- Album cover for 2016 re-release titled An A Cappella Experience

Studio album by Judith Durham
- Released: May 2009
- Genre: Easy listening, acoustic
- Label: Musicoast
- Producer: Michael Cristiano

Judith Durham chronology
| The Australian Cities Suite (2008) | Up Close and Personal (2009) | Epiphany (2011) |

Judith Durham albums chronology
| Live in London (2014) | An A Cappella Experience (2016) | So Much More (2018) |

= Up Close and Personal (Judith Durham album) =

Up Close and Personal is the ninth studio album (tenth included the co-credit on Future Road) by Australian recording artist Judith Durham.
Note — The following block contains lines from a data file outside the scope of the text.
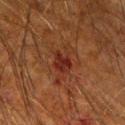| key | value |
|---|---|
| workup | total-body-photography surveillance lesion; no biopsy |
| site | the right upper arm |
| image | ~15 mm crop, total-body skin-cancer survey |
| lighting | cross-polarized illumination |
| patient | male, in their mid-60s |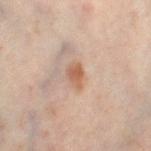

The album was released in Australia in May 2009.

==Background and release==
In July 2006, Durham was asked to sing a short set of spiritual songs a cappella for a gathering in Sydney. Durham said; "I had certainly never thought of singing 'a cappella' in a large auditorium before. The purity of the simple presentation seemed to engender a very peaceful environment and for me the lyrics became more like prayers."
Following this experience, Durham spent two years recording an a cappella album, focussing on a repertoire of spiritually focussed material.

The album was launched with a one-off concert at the Melbourne Recital Centre on 23 May 2009.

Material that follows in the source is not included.